- [SOURCE RECORDS]
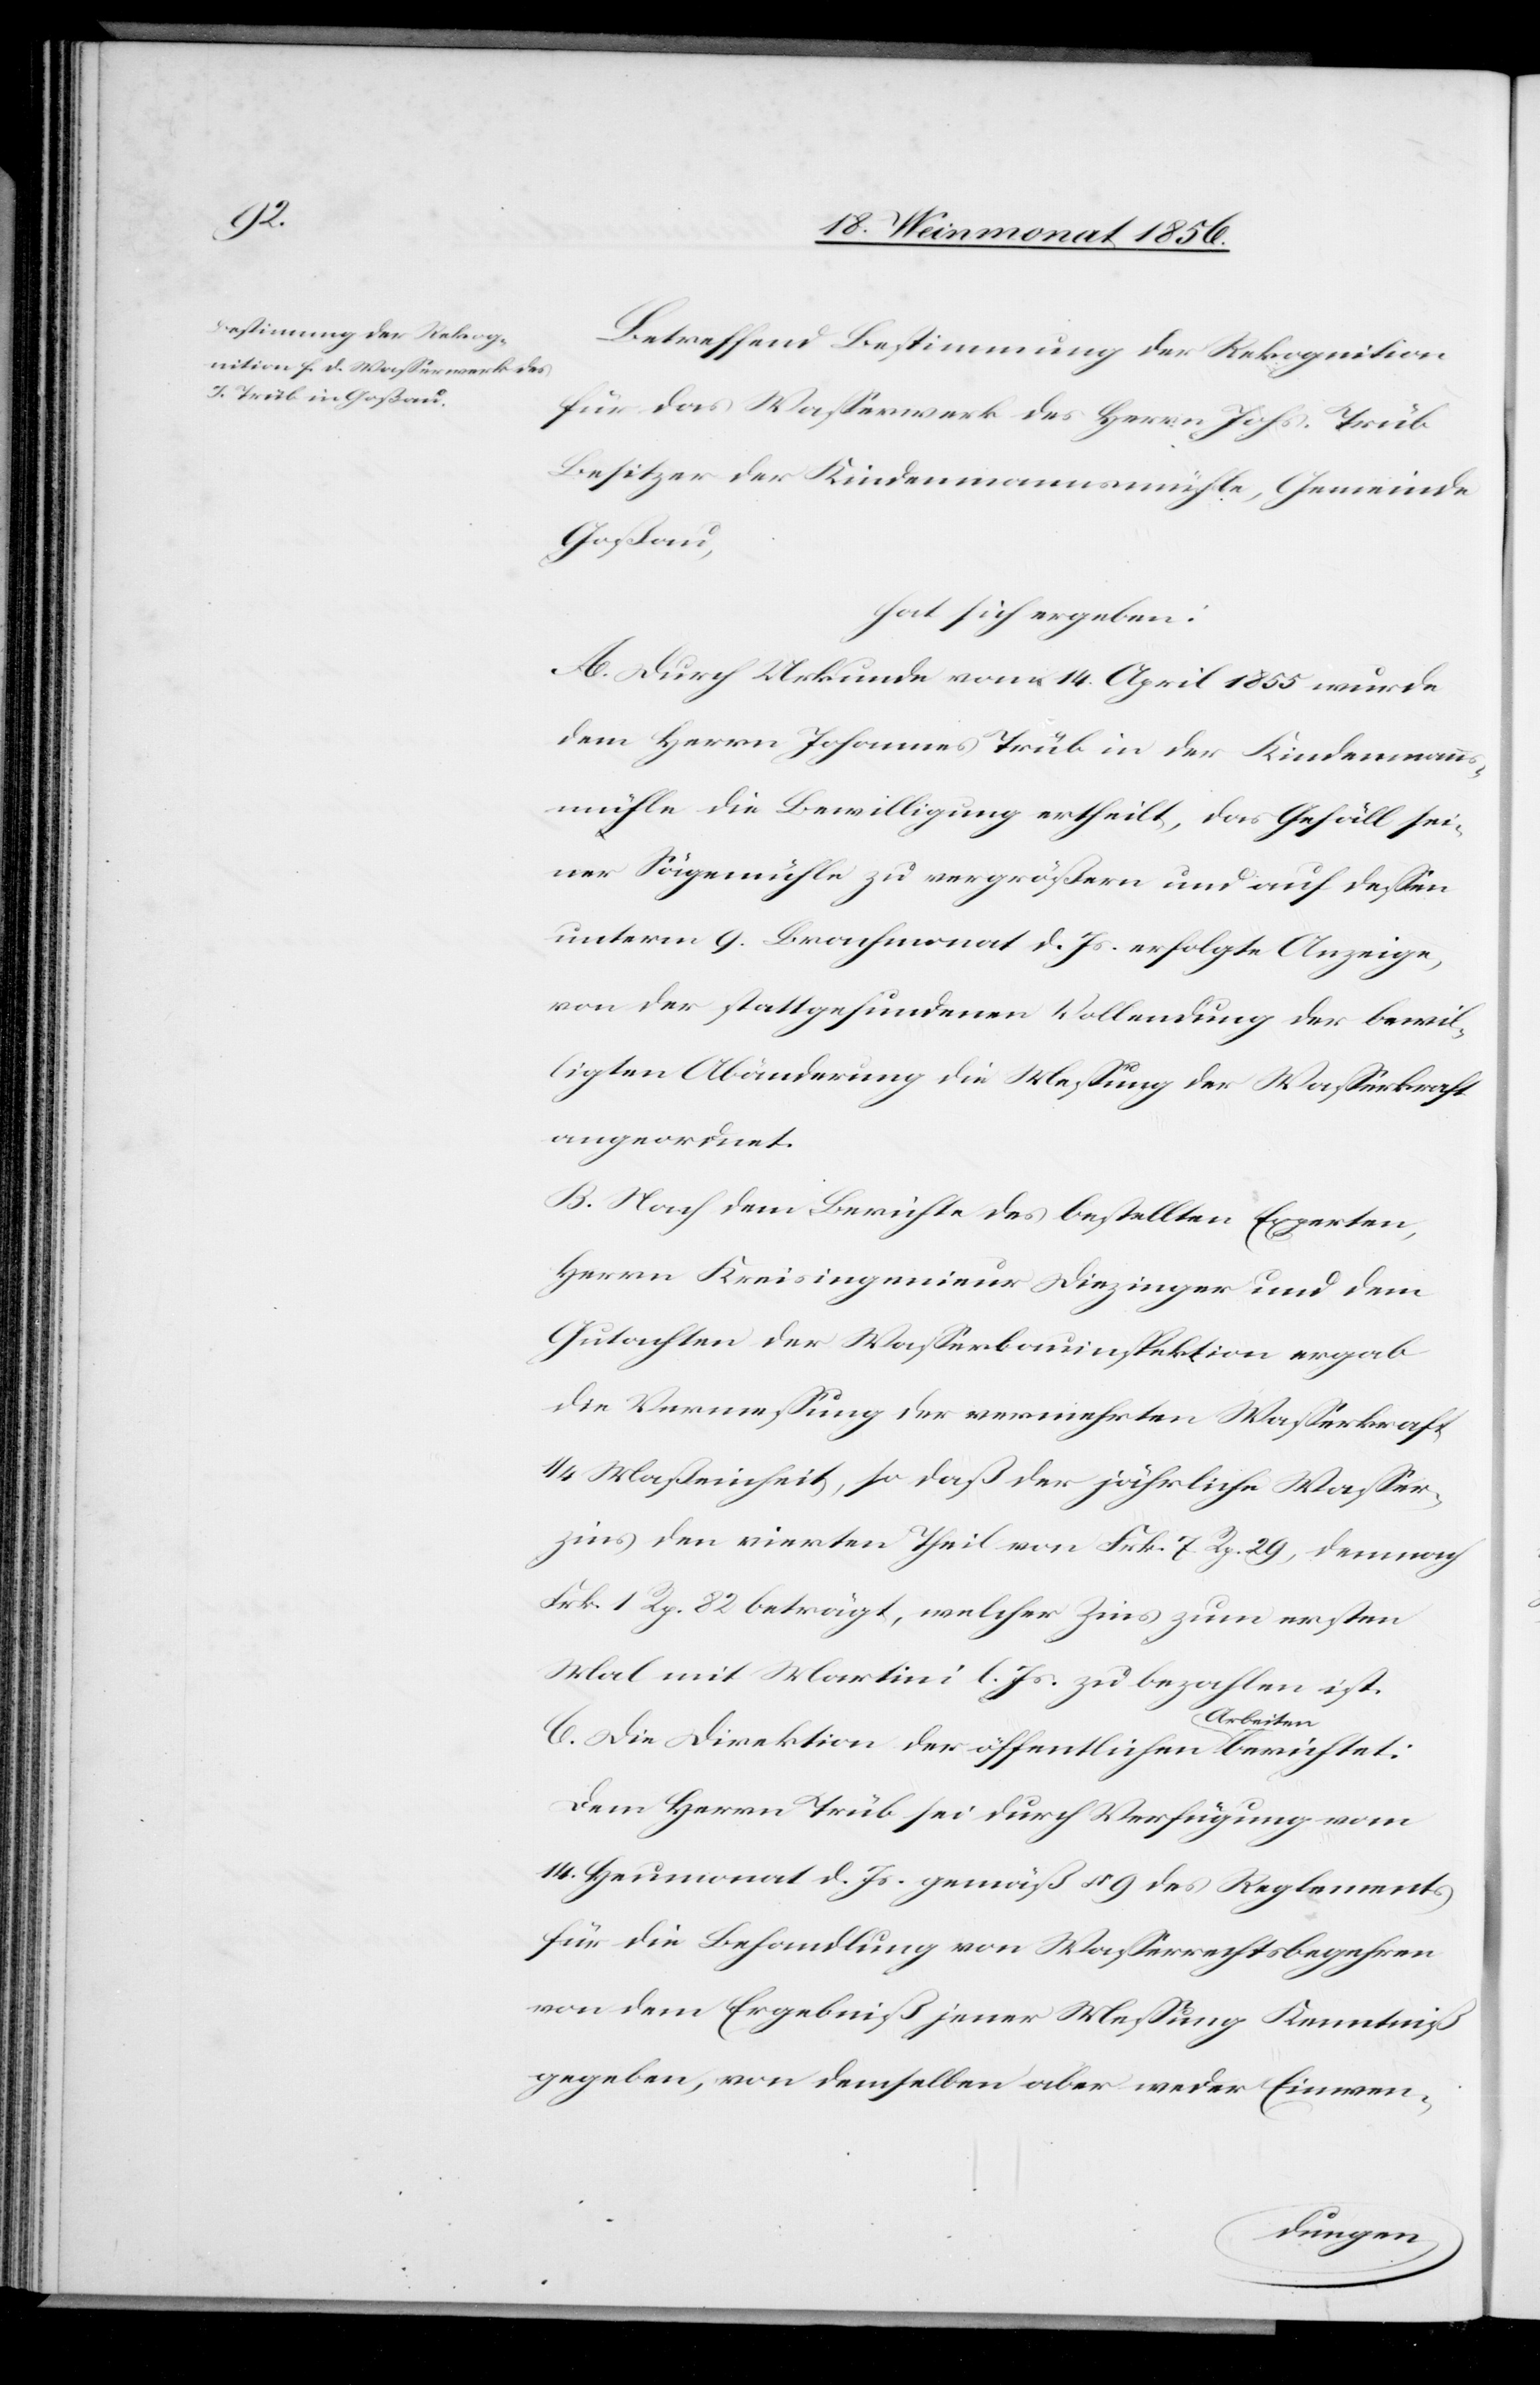
Betreffend Bestimmung der Rekognition
für das Wasserwerk des Herrn Johs. Trüb
Besitzer der Kindenmannsmühle, Gemeinde
Goßau,
hat sich ergeben:
A. Durch Urkunde vom 14. April 1855 wurde
dem Herrn Johannes Trüb in der Kindenmanns¬
mühle die Bewilligung ertheilt, das Gefäll sei¬
ner Sägemühle zu vergrößern und auf dessen
unterm 9. Brachmonat d. Js. erfolgte Anzeige,
von der stattgefundenen Vollendung der bewil¬
ligten Abänderung die Messung der Wasserkraft
angeordnet.
B. Nach dem Bericht des bestellten Experten,
Herrn Kreisingenieur Diezinger und dem
Gutachten der Wasserbauinspektion ergab
die Vermessung der vermehrten Wasserkraft
¼ Maßeinheit, so daß der jährliche Wasser¬
zins den vierten Theil von Frk. 7 Rp. 29, demnach
Frk. 1 Rp. 82 beträgt, welcher Zins zum ersten
Mal mit Martini l. Js. zu bezahlen ist.
C. Die Direktion der öffentlichen a-Arbeiten-a
Dem Herrn Trüb sei durch Verfügung vom
14. Heumonat d. Js. gemäß § 9 des Reglements
für die Behandlung von Wasserrechtsbegehren
von dem Ergebniß jener Messung Kenntniß
gegeben, von demselben aber weder Einwen-
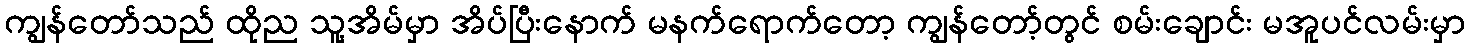
ကျွန်တော်သည် ထိုည သူ့အိမ်မှာ အိပ်ပြီးနောက် မနက်ရောက်တော့ ကျွန်တော့်တွင် စမ်းချောင်း မအူပင်လမ်းမှာ

- [EXERCISE PROMPT]
Above are some records; copy each line there that contains "Herrn".

- [SOLUTION FOR THIS EXERCISE]
für das Wasserwerk des Herrn Johs. Trüb
dem Herrn Johannes Trüb in der Kindenmanns¬
Herrn Kreisingenieur Diezinger und dem
Dem Herrn Trüb sei durch Verfügung vom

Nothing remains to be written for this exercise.